Adding a Custom Document Reader
Register a reader for additional file formats:
builder.Services.AddCoreAIIngestionDocumentReader<MyCustomReader>(".custom", ".myformat");
Implement the reader:
public sealed class MyCustomReader : IngestionDocumentReader
{
public override Task<IngestionDocument> ReadAsync(
Stream stream,
string fileName,
CancellationToken cancellationToken = default)
{
// Parse the stream into sections and elements
}
}
Configuration
ChatDocumentsOptions
Controls which file types can be uploaded and processed.
services.Configure<ChatDocumentsOptions>(options =>
{
// Add a new embeddable extension
options.Add(".rtf", embeddable: true);
// Add a tabular (non-embeddable) extension
options.Add(".tsv", embeddable: false);
});
- AllowedFileExtensions — Complete set of uploadable extensions
- EmbeddableFileExtensions — Subset that gets vector-embedded (non-embeddable files use direct read tools instead)

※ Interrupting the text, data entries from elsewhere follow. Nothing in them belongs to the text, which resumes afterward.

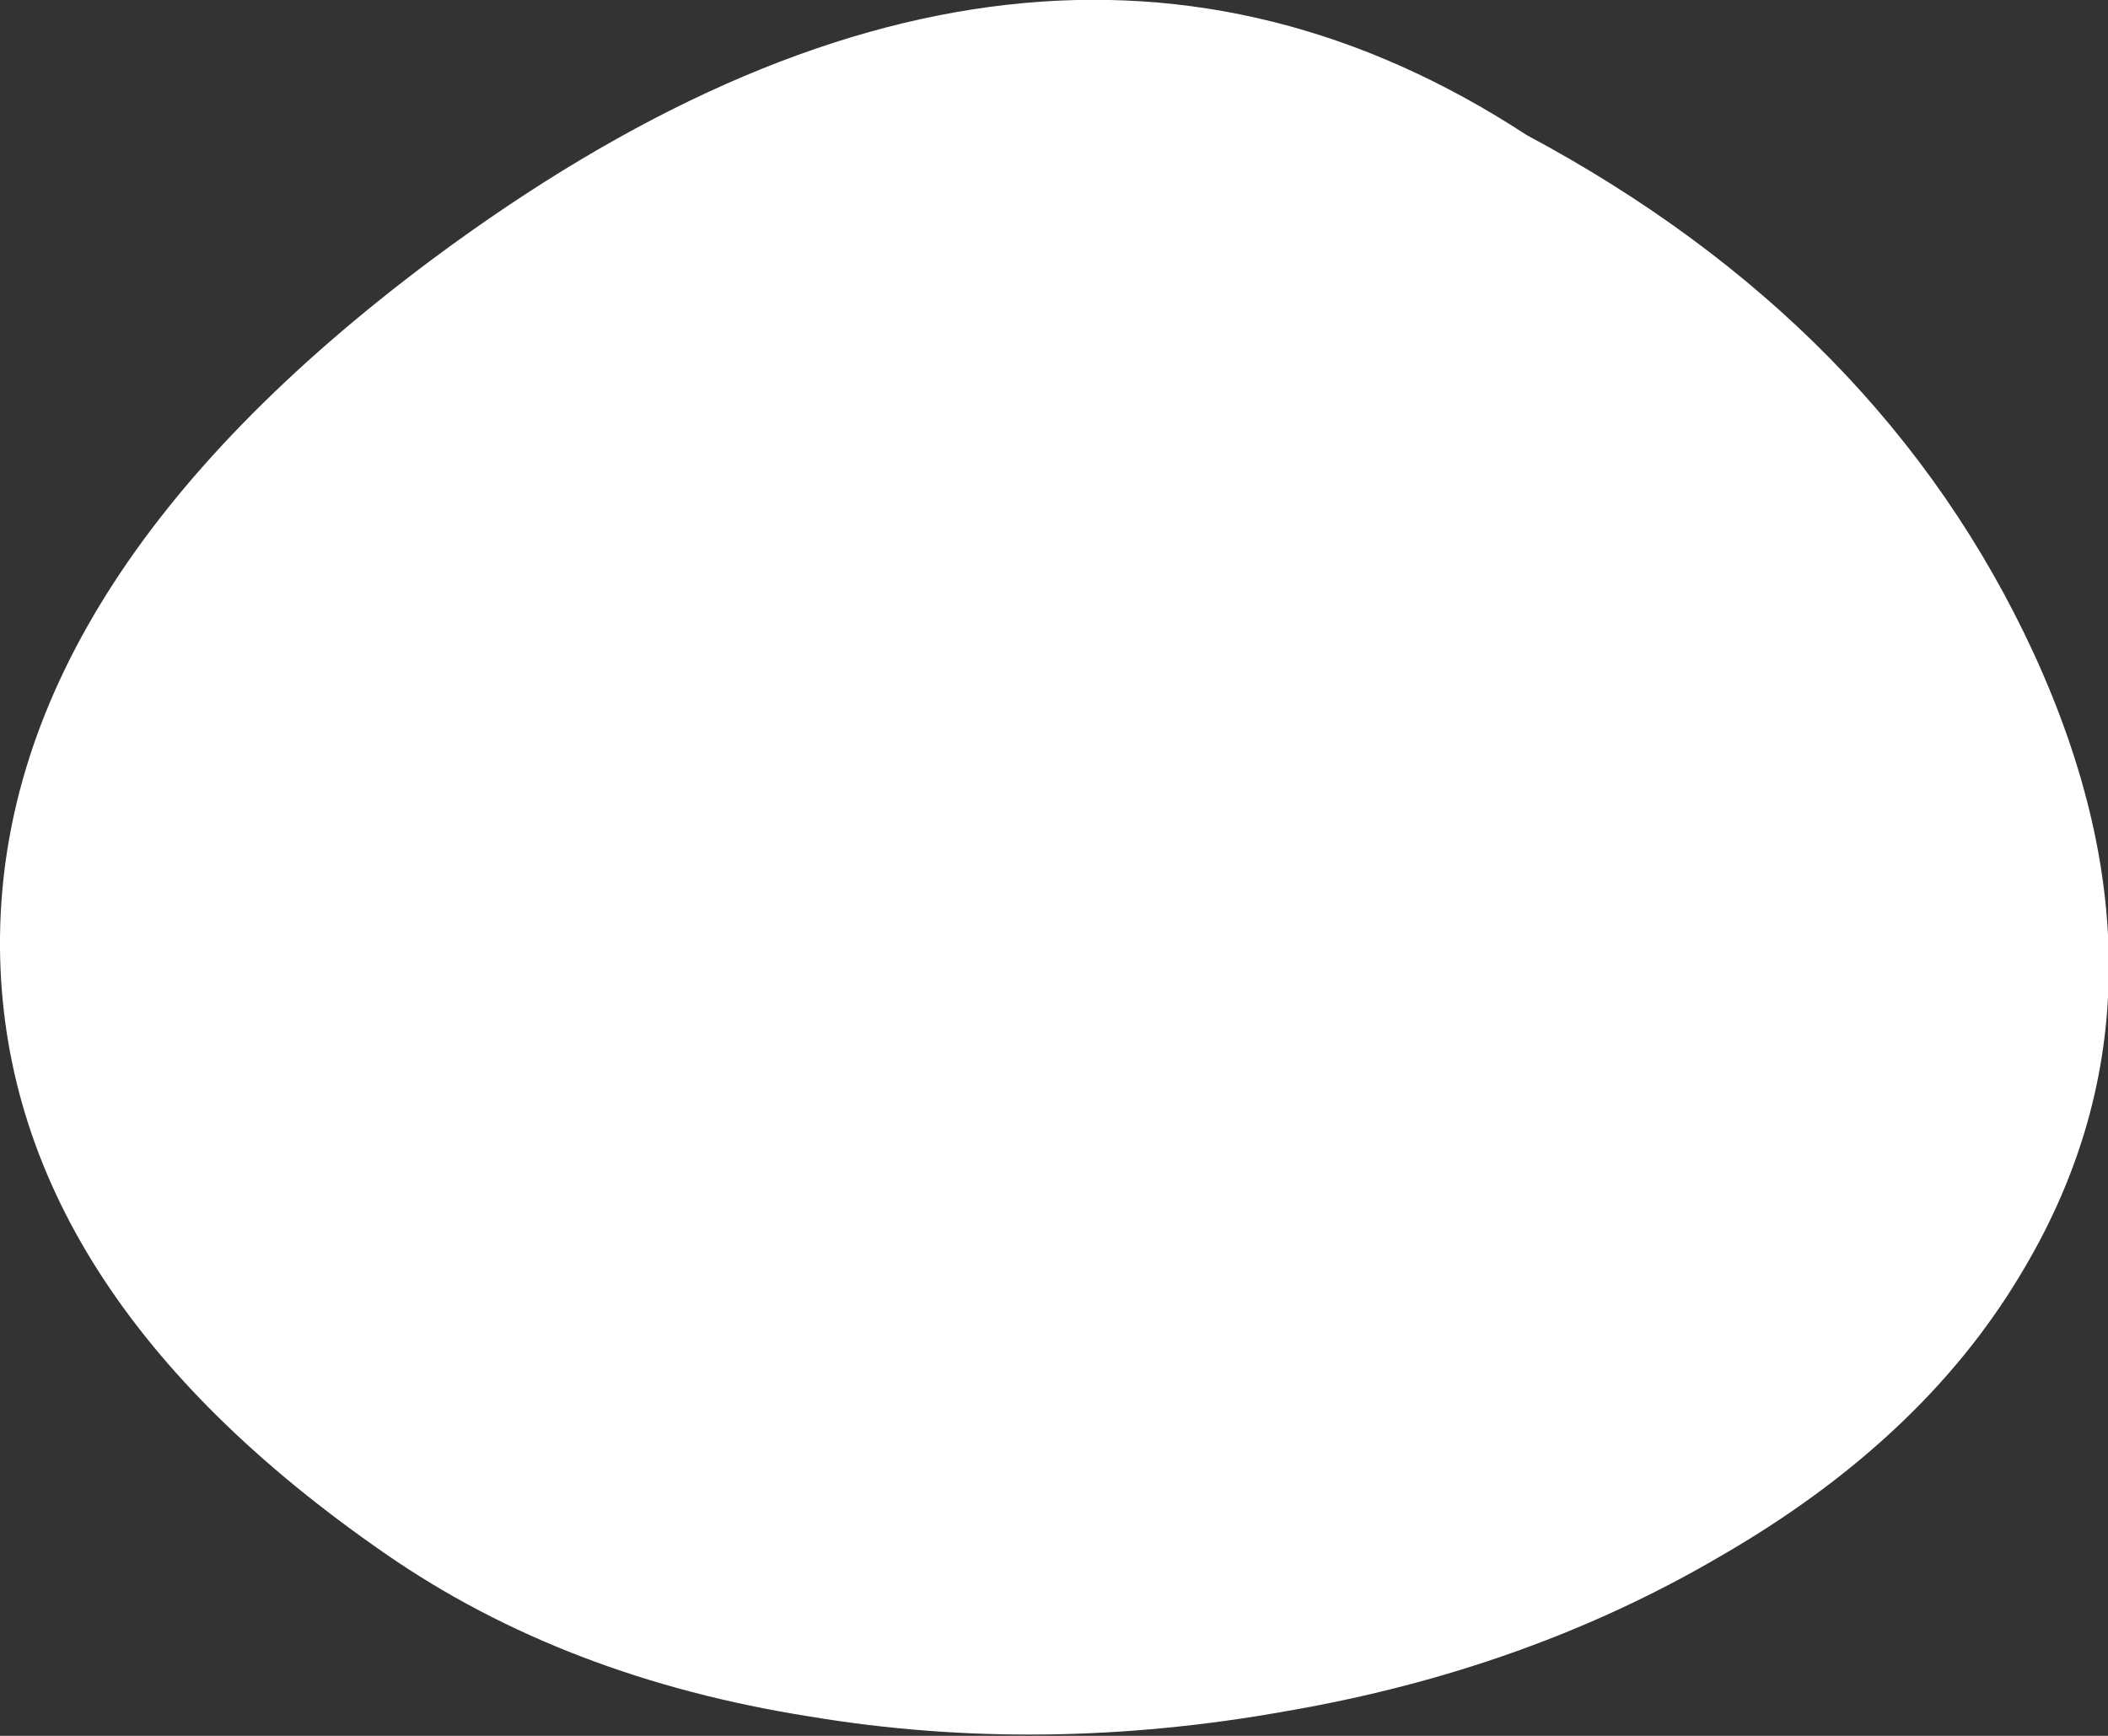 <?xml version="1.0" encoding="UTF-8" standalone="no"?>
<svg xmlns:xlink="http://www.w3.org/1999/xlink" height="31.5px" width="38.25px" xmlns="http://www.w3.org/2000/svg">
  <rect width="100%" height="100%" fill="#333333" stroke="none"/>
  <g transform="matrix(1.0, 0.0, 0.0, 1.0, 19.0, 14.4)">
    <path d="M17.9 -2.55 Q20.75 3.65 17.65 8.75 15.85 11.75 12.2 13.85 8.7 15.9 4.35 16.65 -0.1 17.45 -4.3 16.75 -8.75 16.05 -12.0 13.8 -18.95 9.0 -19.0 2.8 -19.05 -3.8 -11.15 -9.7 -0.25 -17.8 8.7 -11.95 15.15 -8.5 17.9 -2.55" fill="#ffffff" fill-rule="evenodd" stroke="none"/>
  </g>
</svg>

Use the registered option values to drive your upload UI as well as validation:
- AI Profile / AI Template knowledge uploads should use
EmbeddableFileExtensions - Chat interaction / chat session uploads should use
AllowedFileExtensions
That keeps file pickers, visible supported-format text, and server-side processing aligned with the readers actually registered in the app.
Limits
- Maximum 25,000 characters total for embedding per session
- Results are cached via
IDistributedCachefor batch tabular queries
Storage
Document metadata and chunks require store implementations. Register stores directly on the document processing builder:
Entity Framework Core (via builder):
.AddDocumentProcessing(documentProcessing => documentProcessing
.AddEntityCoreStores()
.AddOpenXml()
.AddPdf()
.AddReferenceDownloads()
)
YesSql (via builder):
.AddDocumentProcessing(documentProcessing => documentProcessing
.AddYesSqlStores()
.AddOpenXml()
.AddPdf()
.AddReferenceDownloads()
)
Both register IAIDocumentStore, IAIDocumentChunkStore, and IAIDataSourceStore. The ISearchIndexProfileStore is registered separately through the indexing services builder — see Data Storage for the full per-feature store reference.
Uploaded document files are stored through IDocumentFileStore, which extends the general IFileStore abstraction:
builder.Services.AddSingleton<IDocumentFileStore, AzureBlobDocumentFileStore>();
The MVC sample host stores uploads on the local file system. Each upload gets a new GUID-based stored file name to avoid collisions, while the original user-facing file name remains in AIDocument.FileName. The persisted document record also keeps the GUID-based stored file name/path (StoredFileName / StoredFilePath) so hosts can trace and delete the physical file later.
Replace IDocumentFileStore when you want uploaded profile, chat-interaction, or chat-session files to land in a different backend such as Azure Blob Storage instead of the local file system used by the MVC sample host.